By Frosty Wooldridge, www.newswithviews.com

THE NEXT ADDED 100 MILLION AMERICANS

Part 14: Sustainable growth is unsustainable

By Frosty Wooldridge

Richard Stengel, managing editor of Time Magazine, in October 2006 wrote an essay promoting America’s population growth, “We need to continue growing but in smarter more sustainable ways.”

A picture of Stengel wearing a suit and tie along with a smile accompanied his essay “Tracking America’s Journey.” He looks intelligent, but his words betray his understanding of America’s population dilemma. Stengel illustrates 20th century thinking in the harsh realities of the 21st century. In other words, he’s clueless as to what he’s talking about. However, he looks good, so millions of people think he knows what he’s promoting. He does not!

Albert Einstein warned, “The problems in the world today are so enormous they cannot be solved with the level of thinking that created them.”

In his essay, Stengel illustrated our glorious past population growth and projected our adding 100 million people in three decades. He said, “Unlike Japan and Europe, the U.S. is still growing at a healthy clip.” He neglected to state that millions of those immigrants flee from overpopulated countries that can’t feed their populations. That phenomenon fuels our population growth.

Stengel neglected to understand that you can’t maintain a ‘healthy’ and ‘sustainable’ growing population ad infinitum. The two stand diametrically opposed to one another. Stengel subscribes to antiquated 20th century thinking. He presents well, but he’s totally out of touch with the consequences of what he promotes.

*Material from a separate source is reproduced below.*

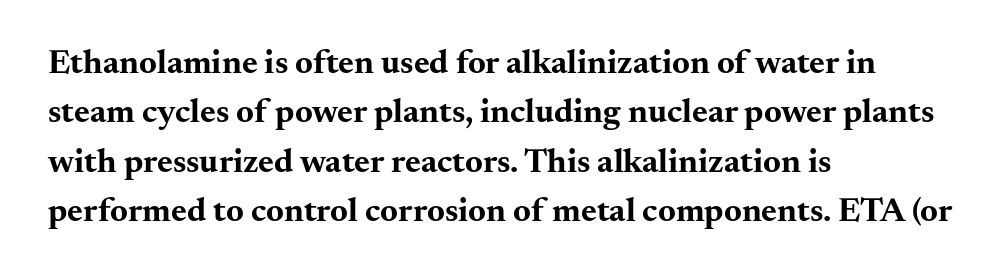
Posture: straight, roman, zero tilt. One glance says typical: line gaps are just what's usual. Small tapered or slab feet sit at the stroke ends, so this counts as serif. Nobody touched the tracking dial on this one.
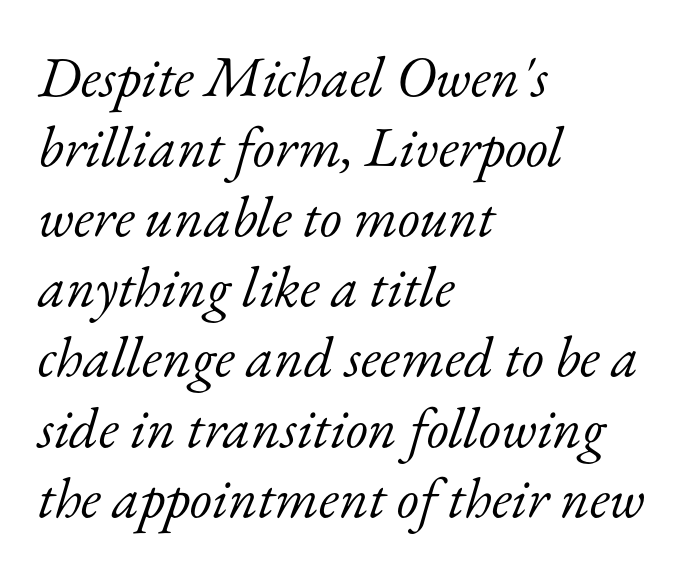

His kind of thinking drives California’s current 37.5 million onward to 79 million in 40 years. Stengel’s thinking adds 12 million people to Texas in 18 years.

Let’s get down to brass tacks on the absurdity of unending growth and sustainability!

Dr. Albert Bartlett, physics professor at the University of Colorado, and brilliant demographic expert wrote, “Arithmetic, Population and Energy.” You may obtain a copy of the video by calling 303-492-2670 or emailing Mr. Herb Rodriguez at herb.rodriguez@colorado.edu That video would cause Time Editor Richard Stengel to write a different essay on America’s future. Why? He could no longer romanticize. He couldn’t write glowingly about the future with an added 100 million people. He couldn’t obfuscate the facts we face as civilization headed for an unsustainable future. Dr. Bartlett writes:

THE MEANING OF SUSTAINABILITY

First, we must accept the idea that "sustainable" has to mean “for an

unspecified long period of time.”

Second, we must acknowledge the mathematical fact that steady growth gives very large numbers in modest periods of time. For example, a population of 10,000 people growing at 7 percent per year will become a population of 10,000,000 people in just 100 years.

From these two statements we can see that the term "sustainable growth"

implies "increasing endlessly," which means that the growing quantity will

tend to become infinite in size. The finite size of resources, ecosystems,

the environment, and the Earth, lead one to the most fundamental truth of

sustainability:

When applied to material things, the term "sustainable growth" is an oxymoron.

SUSTAINABILITY

The terms "sustainable" and "sustainability" burst into the global lexicon in the 1980s as the electronic news media made people increasingly aware of the growing global problems of overpopulation, drought, famine, and environmental degradation that had been the subject of “Limits to Growth” in the early 1970s.

A great increase of awareness came with the publication of the report of the United Nations World Commission on Environment and Development, the Brundtland Report, which is available in bookstores under the title “Our Common Future.”

In graphic and heart-wrenching detail, the report places before the reader the enormous problems and suffering that are being experienced with growing intensity every day throughout the underdeveloped world. In the foreword, before there was any definition of "sustainable," there was the ringing call:

“What is needed now is a new era of economic growth - growth that is forceful and at the same time socially and environmentally sustainable.”

One should be struck by the fact that here is a call for "economic growth"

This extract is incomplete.